In conclusion, the paper by Douglas et al is an important step in the right direction, because it demonstrates that patients with TIA who have a new infarct on CT scan have increased risk of subsequent stroke. The overall risk of making an error in using CT to assign patients who do or do not have infarcts related to their TIAs is about 50%. If infarction during a TIA raises the risk of subsequent stroke, then a CT-based study should markedly underestimate the utility of brain imaging to identify patients at high risk for second infarct. We concur with the authors that future studies in this direction should include DWI. An MRI-based study is sorely needed to determine the prognosis of patients with TIAs and associated infarction.
Douglas VC, Johnston CM, Elkins J, Sidney S, Gress DR, Johnston SC. Head computed tomography findings predict short-term stroke risk after transient ischemic attack. Stroke. 2003; 34: 2894–2898.
Waxman SG, Toole JF. Temporal profile resembling TIA in the setting of cerebral infarction. Stroke. 1983; 14: 433–437.
Kidwell CS, Alger JR, Di Salle F, Starkman S, Villablanca P, Bentson J, Saver JL. Diffusion MRI in patients with transient ischemic attacks. Stroke. 1999; 30: 1174–1180.

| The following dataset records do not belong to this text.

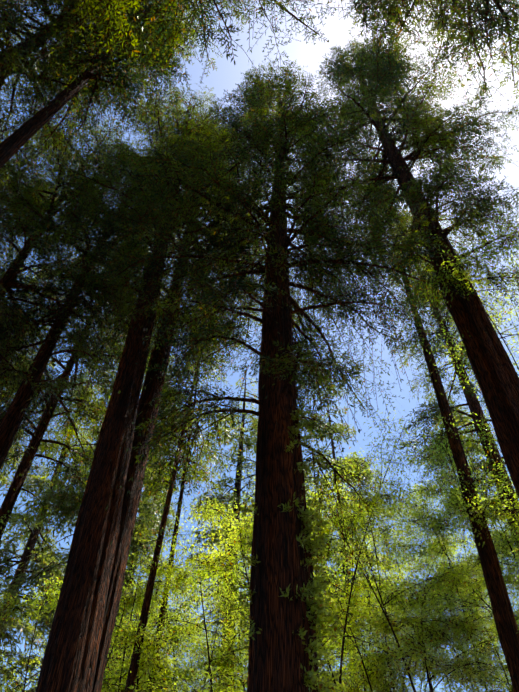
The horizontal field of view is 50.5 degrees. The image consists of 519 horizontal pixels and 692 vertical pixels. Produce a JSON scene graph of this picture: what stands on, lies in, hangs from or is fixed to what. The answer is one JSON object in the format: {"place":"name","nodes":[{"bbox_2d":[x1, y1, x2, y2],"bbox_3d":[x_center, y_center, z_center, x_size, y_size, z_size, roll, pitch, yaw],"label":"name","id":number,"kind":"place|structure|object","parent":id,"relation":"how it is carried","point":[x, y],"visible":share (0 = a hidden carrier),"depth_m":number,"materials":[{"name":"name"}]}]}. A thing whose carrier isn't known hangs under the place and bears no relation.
{"place":"outdoors","nodes":[
{"label":"outdoors","id":0,"kind":"place"},
{"bbox_2d":[0,0,518,691],"label":"sky","id":1,"kind":"structure","parent":0,"point":[227,74],"materials":[{"name":"blue"}]},
{"bbox_3d":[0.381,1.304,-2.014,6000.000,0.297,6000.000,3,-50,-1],"label":"forest floor","id":2,"kind":"structure","parent":0,"visible":0},
{"bbox_2d":[0,267,57,491],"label":"redwood tree","id":3,"kind":"object","parent":2,"relation":"on","point":[5,476],"visible":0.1,"depth_m":59.47,"materials":[{"name":"green plant"}]},
{"bbox_2d":[0,510,65,691],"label":"broadleaf tree","id":4,"kind":"object","parent":2,"relation":"on","point":[17,605],"visible":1,"depth_m":26.19,"materials":[{"name":"green plant"}]},
{"bbox_2d":[0,119,76,398],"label":"redwood tree","id":5,"kind":"object","parent":2,"relation":"on","point":[8,257],"visible":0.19,"depth_m":42.12,"materials":[{"name":"green plant"}]},
{"bbox_2d":[0,357,113,691],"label":"redwood tree","id":6,"kind":"object","parent":2,"relation":"on","point":[35,481],"visible":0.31,"depth_m":58.09,"materials":[{"name":"green plant"}]},
{"bbox_2d":[0,112,132,463],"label":"redwood tree","id":7,"kind":"object","parent":2,"relation":"on","point":[8,277],"visible":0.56,"depth_m":35.57,"materials":[{"name":"green plant"}]},
{"bbox_2d":[0,238,166,588],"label":"redwood tree","id":8,"kind":"object","parent":2,"relation":"on","point":[47,412],"visible":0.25,"depth_m":37.64,"materials":[{"name":"green plant"}]},
{"bbox_2d":[0,0,174,220],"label":"redwood tree","id":9,"kind":"object","parent":2,"relation":"on","point":[12,62],"visible":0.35,"depth_m":30.89,"materials":[{"name":"green plant"}]},
{"bbox_2d":[0,137,178,516],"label":"redwood tree","id":10,"kind":"object","parent":2,"relation":"on","point":[13,416],"visible":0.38,"depth_m":34.26,"materials":[{"name":"green plant"}]},
{"bbox_2d":[0,313,180,691],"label":"redwood tree","id":11,"kind":"object","parent":2,"relation":"on","point":[47,495],"visible":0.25,"depth_m":48.89,"materials":[{"name":"green plant"}]},
{"bbox_2d":[0,522,211,691],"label":"broadleaf tree","id":12,"kind":"object","parent":2,"relation":"on","point":[148,565],"visible":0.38,"depth_m":32.74,"materials":[{"name":"green plant"}]},
{"bbox_2d":[0,0,212,177],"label":"redwood tree","id":13,"kind":"object","parent":2,"relation":"on","point":[12,144],"visible":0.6,"depth_m":30.11,"materials":[{"name":"green plant"}]},
{"bbox_2d":[42,449,183,691],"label":"redwood tree","id":14,"kind":"object","parent":2,"relation":"on","point":[168,528],"visible":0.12,"depth_m":65.81,"materials":[{"name":"green plant"}]},
{"bbox_2d":[18,555,247,691],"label":"broadleaf tree","id":15,"kind":"object","parent":2,"relation":"on","point":[138,602],"visible":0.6,"depth_m":30.07,"materials":[{"name":"green plant"}]},
{"bbox_2d":[32,558,249,691],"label":"broadleaf tree","id":16,"kind":"object","parent":2,"relation":"on","point":[119,657],"visible":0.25,"depth_m":38.84,"materials":[{"name":"green plant"}]},
{"bbox_2d":[26,83,266,691],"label":"redwood tree","id":17,"kind":"object","parent":2,"relation":"on","point":[69,662],"visible":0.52,"depth_m":29.54,"materials":[{"name":"green plant"}]},
{"bbox_2d":[56,108,266,691],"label":"redwood tree","id":18,"kind":"object","parent":2,"relation":"on","point":[151,391],"visible":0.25,"depth_m":32.08,"materials":[{"name":"green plant"}]},
{"bbox_2d":[101,533,249,691],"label":"broadleaf tree","id":19,"kind":"object","parent":2,"relation":"on","point":[139,634],"visible":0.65,"depth_m":30.48,"materials":[{"name":"green plant"}]},
{"bbox_2d":[0,0,361,113],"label":"redwood tree","id":20,"kind":"object","parent":2,"relation":"on","point":[108,13],"visible":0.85,"depth_m":25.15,"materials":[{"name":"green plant"}]},
{"bbox_2d":[124,293,242,691],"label":"redwood tree","id":21,"kind":"object","parent":2,"relation":"on","point":[133,668],"visible":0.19,"depth_m":35.84,"materials":[{"name":"green plant"}]},
{"bbox_2d":[142,339,238,691],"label":"redwood tree","id":22,"kind":"object","parent":2,"relation":"on","point":[181,481],"visible":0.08,"depth_m":44.59,"materials":[{"name":"green plant"}]},
{"bbox_2d":[145,377,258,691],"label":"redwood tree","id":23,"kind":"object","parent":2,"relation":"on","point":[229,437],"visible":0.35,"depth_m":64.32,"materials":[{"name":"green plant"}]},
{"bbox_2d":[120,543,352,691],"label":"broadleaf tree","id":24,"kind":"object","parent":2,"relation":"on","point":[203,645],"visible":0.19,"depth_m":40.04,"materials":[{"name":"green plant"}]},
{"bbox_2d":[88,57,478,691],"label":"redwood tree","id":25,"kind":"object","parent":2,"relation":"on","point":[285,605],"visible":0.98,"depth_m":28.38,"materials":[{"name":"green plant"}]},
{"bbox_2d":[176,404,446,687],"bbox_3d":[3.295,15.825,27.502,17.086,27.144,13.064,-24,-55,20],"label":"broadleaf tree","id":26,"kind":"object","parent":2,"relation":"on","point":[343,600],"visible":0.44,"depth_m":30.94,"materials":[{"name":"green plant"}]},
{"bbox_2d":[166,515,460,691],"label":"broadleaf tree","id":27,"kind":"object","parent":2,"relation":"on","point":[331,680],"visible":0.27,"depth_m":34.00,"materials":[{"name":"green plant"}]},
{"bbox_2d":[305,472,347,691],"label":"redwood tree","id":28,"kind":"object","parent":2,"relation":"on","point":[311,480],"visible":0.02,"depth_m":80.21,"materials":[{"name":"green plant"}]},
{"bbox_2d":[185,492,508,691],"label":"broadleaf tree","id":29,"kind":"object","parent":2,"relation":"on","point":[238,550],"visible":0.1,"depth_m":40.31,"materials":[{"name":"green plant"}]},
{"bbox_2d":[307,377,409,691],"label":"tree","id":30,"kind":"object","parent":2,"relation":"on","point":[344,477],"visible":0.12,"depth_m":68.67,"materials":[{"name":"green plant"}]},
{"bbox_2d":[295,30,518,497],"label":"redwood tree","id":31,"kind":"object","parent":2,"relation":"on","point":[495,373],"visible":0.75,"depth_m":37.77,"materials":[{"name":"green plant"}]},
{"bbox_2d":[306,463,511,691],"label":"broadleaf tree","id":32,"kind":"object","parent":2,"relation":"on","point":[403,656],"visible":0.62,"depth_m":29.13,"materials":[{"name":"green plant"}]},
{"bbox_2d":[303,0,518,154],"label":"redwood tree","id":33,"kind":"object","parent":2,"relation":"on","point":[392,13],"visible":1,"depth_m":24.04,"materials":[{"name":"green plant"}]},
{"bbox_2d":[318,534,508,691],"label":"broadleaf tree","id":34,"kind":"object","parent":2,"relation":"on","point":[430,642],"visible":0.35,"depth_m":33.62,"materials":[{"name":"green plant"}]},
{"bbox_2d":[309,484,518,691],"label":"broadleaf tree","id":35,"kind":"object","parent":2,"relation":"on","point":[403,640],"visible":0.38,"depth_m":32.35,"materials":[{"name":"green plant"}]},
{"bbox_2d":[319,473,511,691],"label":"broadleaf tree","id":36,"kind":"object","parent":2,"relation":"on","point":[445,590],"visible":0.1,"depth_m":44.60,"materials":[{"name":"green plant"}]},
{"bbox_2d":[351,197,518,691],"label":"redwood tree","id":37,"kind":"object","parent":2,"relation":"on","point":[505,622],"visible":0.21,"depth_m":25.61,"materials":[{"name":"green plant"}]},
{"bbox_2d":[368,484,518,691],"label":"broadleaf tree","id":38,"kind":"object","parent":2,"relation":"on","point":[457,564],"visible":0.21,"depth_m":38.60,"materials":[{"name":"green plant"}]},
{"bbox_2d":[369,519,518,691],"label":"broadleaf tree","id":39,"kind":"object","parent":2,"relation":"on","point":[418,570],"visible":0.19,"depth_m":40.15,"materials":[{"name":"green plant"}]},
{"bbox_2d":[373,407,518,691],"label":"broadleaf tree","id":40,"kind":"object","parent":2,"relation":"on","point":[447,450],"visible":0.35,"depth_m":32.18,"materials":[{"name":"green plant"}]},
{"bbox_2d":[383,207,518,597],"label":"redwood tree","id":41,"kind":"object","parent":2,"relation":"on","point":[472,403],"visible":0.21,"depth_m":46.89,"materials":[{"name":"green plant"}]},
{"bbox_2d":[386,434,518,619],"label":"broadleaf tree","id":42,"kind":"object","parent":2,"relation":"on","point":[474,579],"visible":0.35,"depth_m":35.05,"materials":[{"name":"green plant"}]},
{"bbox_2d":[399,208,518,555],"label":"broadleaf tree","id":43,"kind":"object","parent":2,"relation":"on","point":[479,266],"visible":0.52,"depth_m":27.88,"materials":[{"name":"green plant"}]},
{"bbox_2d":[405,448,518,664],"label":"broadleaf tree","id":44,"kind":"object","parent":2,"relation":"on","point":[467,525],"visible":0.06,"depth_m":43.34,"materials":[{"name":"green plant"}]},
{"bbox_2d":[416,443,518,632],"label":"broadleaf tree","id":45,"kind":"object","parent":2,"relation":"on","point":[478,502],"visible":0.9,"depth_m":26.10,"materials":[{"name":"green plant"}]},
{"bbox_2d":[423,390,518,691],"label":"redwood tree","id":46,"kind":"object","parent":2,"relation":"on","point":[464,420],"visible":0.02,"depth_m":73.30,"materials":[{"name":"green plant"}]},
{"bbox_2d":[432,472,518,601],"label":"broadleaf tree","id":47,"kind":"object","parent":2,"relation":"on","point":[453,498],"visible":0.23,"depth_m":40.49,"materials":[{"name":"green plant"}]},
{"bbox_2d":[495,254,518,296],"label":"broadleaf tree","id":48,"kind":"object","parent":2,"relation":"on","point":[510,267],"visible":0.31,"depth_m":34.04,"materials":[{"name":"green plant"}]}
]}

Rovira A, Rovira-Gols A, Pedraza S, Grive E, Molina C, Alvarez-Sabin J. Diffusion-weighted MR imaging in the acute phase of transient ischemic attacks. AJNR Am J Neuroradiol. 2002; 23: 77–83.
We agree completely that magnetic resonance diffusion-weighted imaging should provide a more accurate assessment of whether an acute infarction has occurred in the setting of a clinical transient ischemic attack (TIA), and thereby may be a better predictor of subsequent risk of stroke. Whether the increased cost of magnetic resonance imaging is justified for all patients with TIA will depend not only on its ability to differentiate high and low risk groups but also on whether a distinct treatment plan is justified for those so classified. Riskier acute interventions, such as a loading dose of clopidogrel or a platelet glycoprotein 2b3a inhibitor, may be justified in those at high risk for stroke after TIA. However, no large-scale trial of an acute intervention to prevent stroke after TIA has been performed.